In a later telling, he slept on the chair. Couch .. chair.. makes no difference to me. It wasn’t his bed and that bothered me.

So last night I heard him up and came right down.

He was holding his head and grimacing. “This is terrible,” he said, obviously in a great deal of pain.

“I think we need to go to the emergency room,” I told him, and he agreed.

The ER turned out to be a wash. Blood work, CT scan, x-ray all came back with the same answer. Nothing was amiss.

The waves of pain continued. I watched him grimace and grab the rails of the bed as he rode out the pain.

The doctor came in to talk to him about discharge during one of the respites and my father said, “If you just wait a minute, it will happen again.” Like the doctor was going to see something new if he was there during the pain.

“It’s a mystery to me,” the doctor confessed. “I believe you, but I can’t find a medical cause for the pain. I think you need to call your neurosurgeon in the morning.”

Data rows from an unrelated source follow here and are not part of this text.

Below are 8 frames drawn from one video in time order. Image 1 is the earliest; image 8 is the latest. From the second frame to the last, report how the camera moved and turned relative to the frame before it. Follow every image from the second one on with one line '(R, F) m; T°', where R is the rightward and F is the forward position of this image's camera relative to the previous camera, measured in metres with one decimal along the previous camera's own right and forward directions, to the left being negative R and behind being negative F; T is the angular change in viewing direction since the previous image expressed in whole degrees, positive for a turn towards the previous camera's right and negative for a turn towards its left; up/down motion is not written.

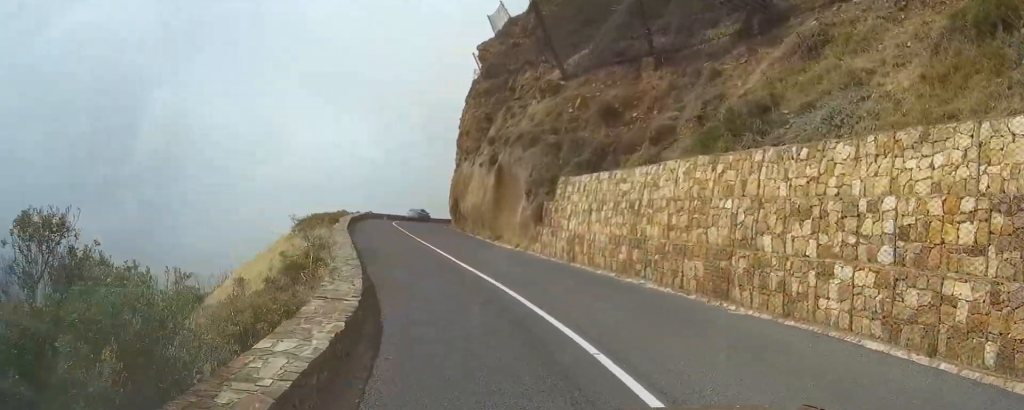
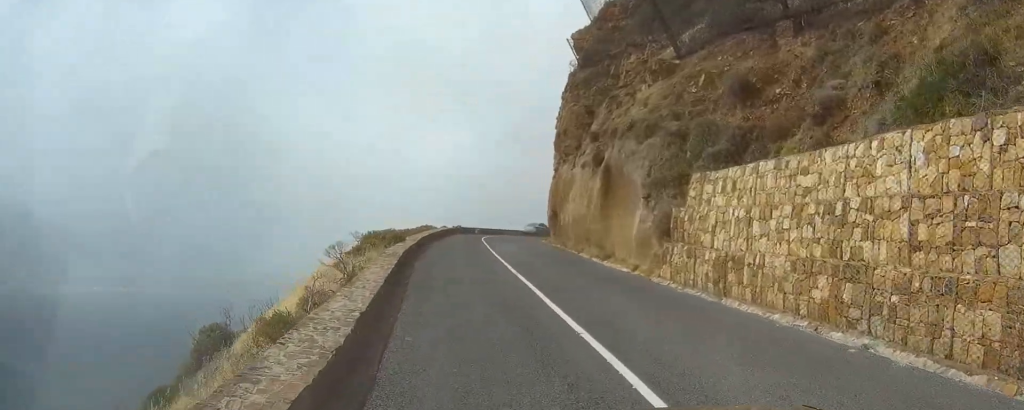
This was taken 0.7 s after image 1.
(+1.8, +7.6) m; -3°
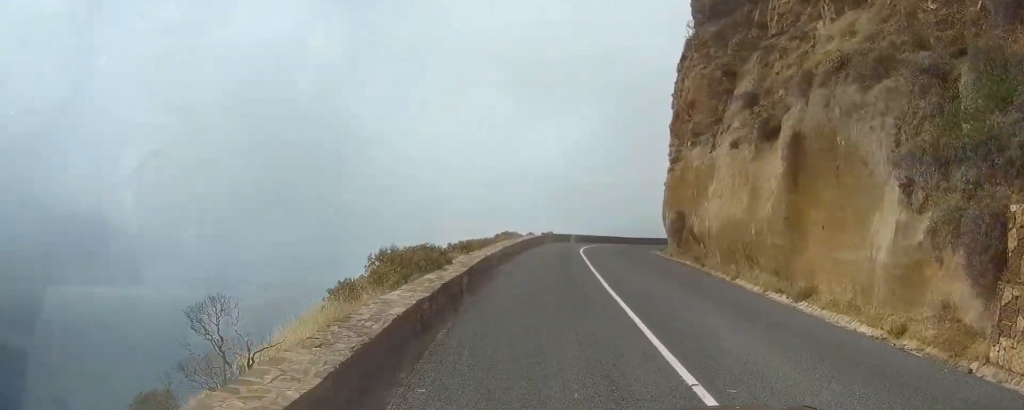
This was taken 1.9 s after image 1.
(-2.6, +11.9) m; -19°
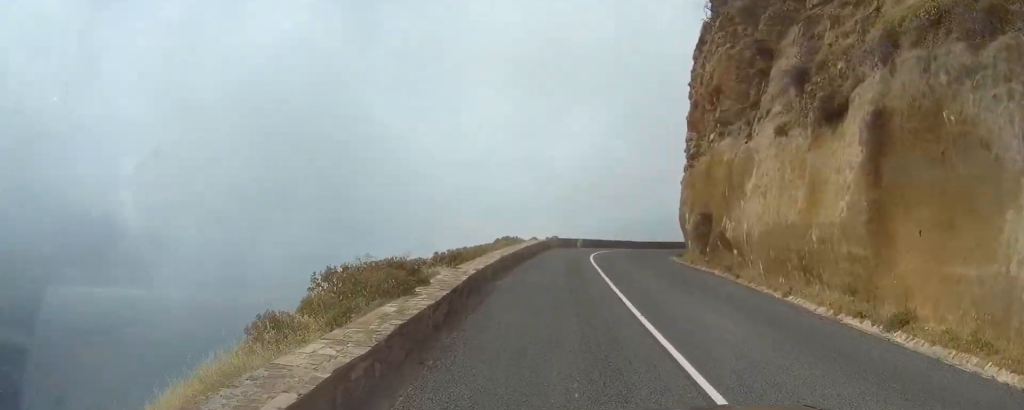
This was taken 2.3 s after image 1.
(-0.1, +4.4) m; -2°
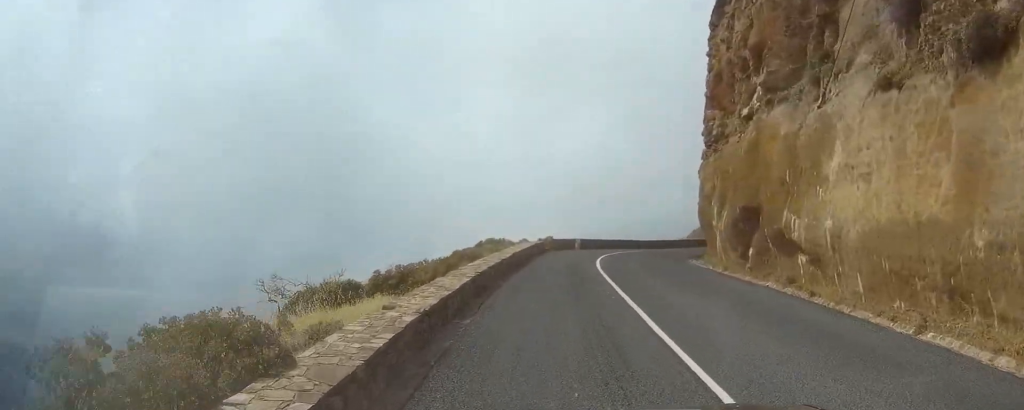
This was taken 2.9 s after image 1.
(-0.1, +7.0) m; -1°
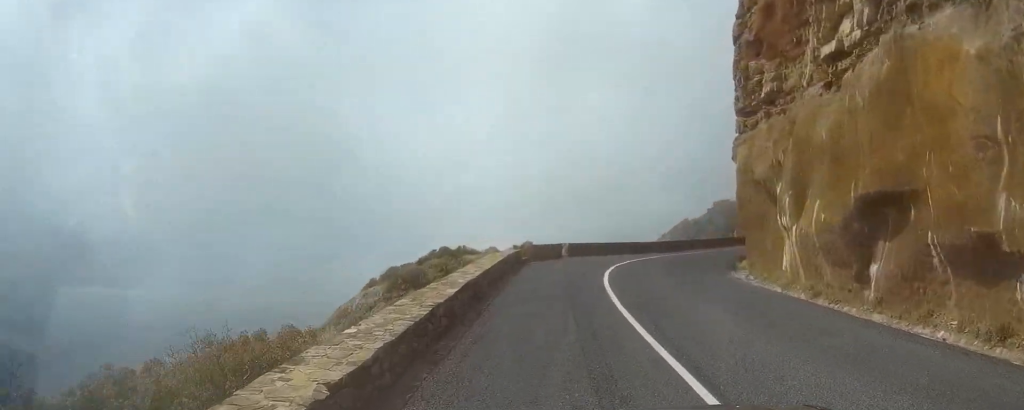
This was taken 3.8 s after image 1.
(0.0, +10.1) m; 0°
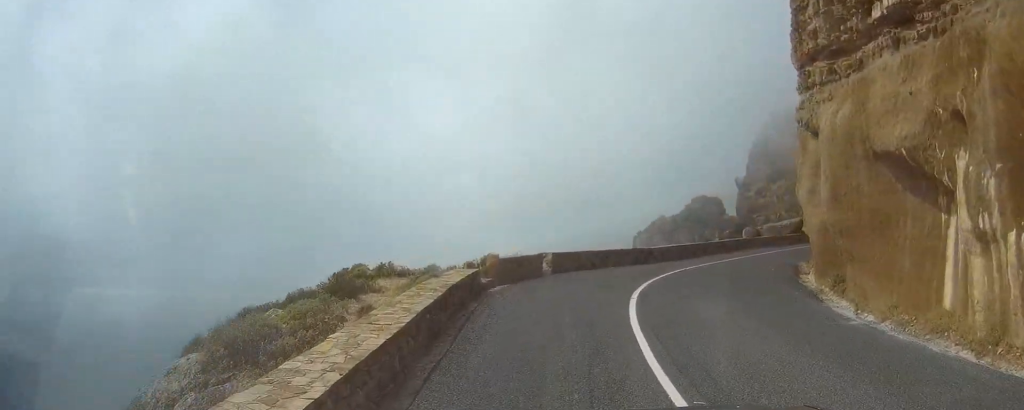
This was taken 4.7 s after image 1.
(0.0, +9.6) m; +5°
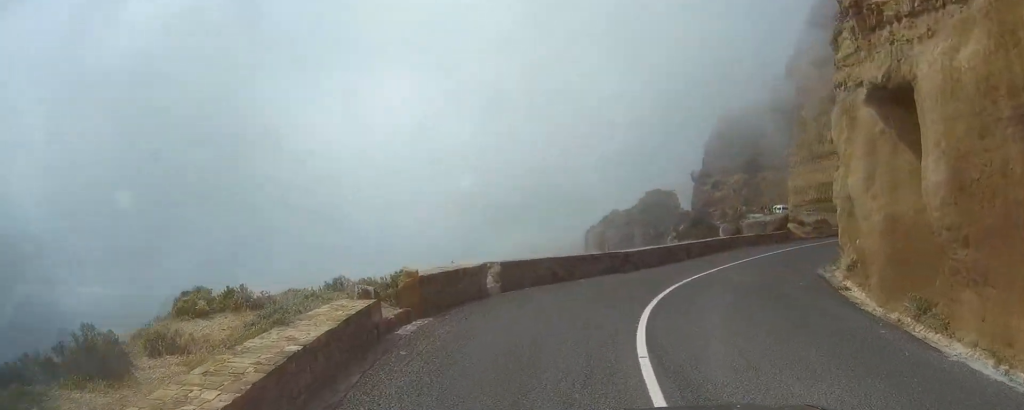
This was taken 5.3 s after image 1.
(+0.3, +6.2) m; +5°

My father had recently had neurosurgery. That made sense.

The ER gave him hydrocodone and sent him home.

At 2 AM.

I got him back to bed and went back to bed myself.

But morning — which is my time of day — came around much too quickly and the words of the devotion book didn’t make sense.

“‘The giving of thanks maketh entreaty?’ Are my thanks a prayer?” I asked God.

How can I thank Him for a fruitless midnight visit to the ER?

I tried.

“Thank you, Lord, that I could sit with my father in the Emergency Room last night. Thank you that I could be his eyes and ears (because he had forgotten his glasses and hearing aids). Thank you for the time to study his face while he rested, and that he has his mother’s nose (a strange observation, I know). Thank you that we live so close to the hospital. Thank you for the staff. Thank you for humor and laughter. Thank you for sickness and the opportunity to care for those we love. Thank you for my father, and my husband, and my children…”

And the thanksgiving felt like a floodgate opened.

Did it make entreaty? I don’t know.

But it answered the unspoken prayer of my heart for rest on a weary day.